Supplied entries:

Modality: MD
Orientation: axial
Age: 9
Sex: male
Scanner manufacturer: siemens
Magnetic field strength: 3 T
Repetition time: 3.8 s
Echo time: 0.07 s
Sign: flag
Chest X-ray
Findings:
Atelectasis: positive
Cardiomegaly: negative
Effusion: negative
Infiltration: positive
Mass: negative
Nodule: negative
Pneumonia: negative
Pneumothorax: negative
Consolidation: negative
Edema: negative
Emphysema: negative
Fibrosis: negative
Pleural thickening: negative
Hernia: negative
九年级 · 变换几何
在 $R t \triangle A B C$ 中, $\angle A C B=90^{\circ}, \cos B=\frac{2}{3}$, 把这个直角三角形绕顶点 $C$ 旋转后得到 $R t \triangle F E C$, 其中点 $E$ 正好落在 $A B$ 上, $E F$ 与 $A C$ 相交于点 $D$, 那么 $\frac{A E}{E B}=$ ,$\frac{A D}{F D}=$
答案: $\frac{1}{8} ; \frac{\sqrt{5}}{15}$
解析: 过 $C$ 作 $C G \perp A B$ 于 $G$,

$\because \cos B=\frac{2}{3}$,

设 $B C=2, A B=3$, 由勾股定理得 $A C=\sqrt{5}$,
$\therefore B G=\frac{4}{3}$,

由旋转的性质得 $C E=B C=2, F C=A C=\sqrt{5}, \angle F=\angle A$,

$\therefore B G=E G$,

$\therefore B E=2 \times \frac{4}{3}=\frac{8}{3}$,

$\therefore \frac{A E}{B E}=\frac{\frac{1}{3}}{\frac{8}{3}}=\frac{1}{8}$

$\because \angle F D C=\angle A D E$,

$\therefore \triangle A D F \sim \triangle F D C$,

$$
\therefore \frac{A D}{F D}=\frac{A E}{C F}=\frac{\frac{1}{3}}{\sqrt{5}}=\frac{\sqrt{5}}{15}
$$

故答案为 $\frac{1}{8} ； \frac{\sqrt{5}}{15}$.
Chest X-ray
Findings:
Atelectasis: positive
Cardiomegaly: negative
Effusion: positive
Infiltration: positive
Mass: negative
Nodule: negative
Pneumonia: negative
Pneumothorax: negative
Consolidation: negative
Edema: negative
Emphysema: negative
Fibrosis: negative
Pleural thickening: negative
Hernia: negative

* * *

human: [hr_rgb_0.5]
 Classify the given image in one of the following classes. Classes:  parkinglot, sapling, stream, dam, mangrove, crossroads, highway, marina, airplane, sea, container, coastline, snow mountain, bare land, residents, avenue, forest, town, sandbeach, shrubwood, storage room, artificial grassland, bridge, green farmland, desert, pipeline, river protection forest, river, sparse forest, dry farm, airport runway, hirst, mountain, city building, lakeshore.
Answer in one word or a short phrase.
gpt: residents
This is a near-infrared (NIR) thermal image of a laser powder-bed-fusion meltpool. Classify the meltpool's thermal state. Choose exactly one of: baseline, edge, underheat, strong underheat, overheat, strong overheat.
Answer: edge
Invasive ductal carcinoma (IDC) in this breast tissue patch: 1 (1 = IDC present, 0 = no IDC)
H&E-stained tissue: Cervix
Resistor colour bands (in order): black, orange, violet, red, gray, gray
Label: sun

Task to complete:
Print exactly the lines of the listing above starting at the line containing "Classify the given" and ending at the line containing "Invasive ductal carcinoma", both included.

Response area:
 Classify the given image in one of the following classes. Classes:  parkinglot, sapling, stream, dam, mangrove, crossroads, highway, marina, airplane, sea, container, coastline, snow mountain, bare land, residents, avenue, forest, town, sandbeach, shrubwood, storage room, artificial grassland, bridge, green farmland, desert, pipeline, river protection forest, river, sparse forest, dry farm, airport runway, hirst, mountain, city building, lakeshore.
Answer in one word or a short phrase.
gpt: residents
This is a near-infrared (NIR) thermal image of a laser powder-bed-fusion meltpool. Classify the meltpool's thermal state. Choose exactly one of: baseline, edge, underheat, strong underheat, overheat, strong overheat.
Answer: edge
Invasive ductal carcinoma (IDC) in this breast tissue patch: 1 (1 = IDC present, 0 = no IDC)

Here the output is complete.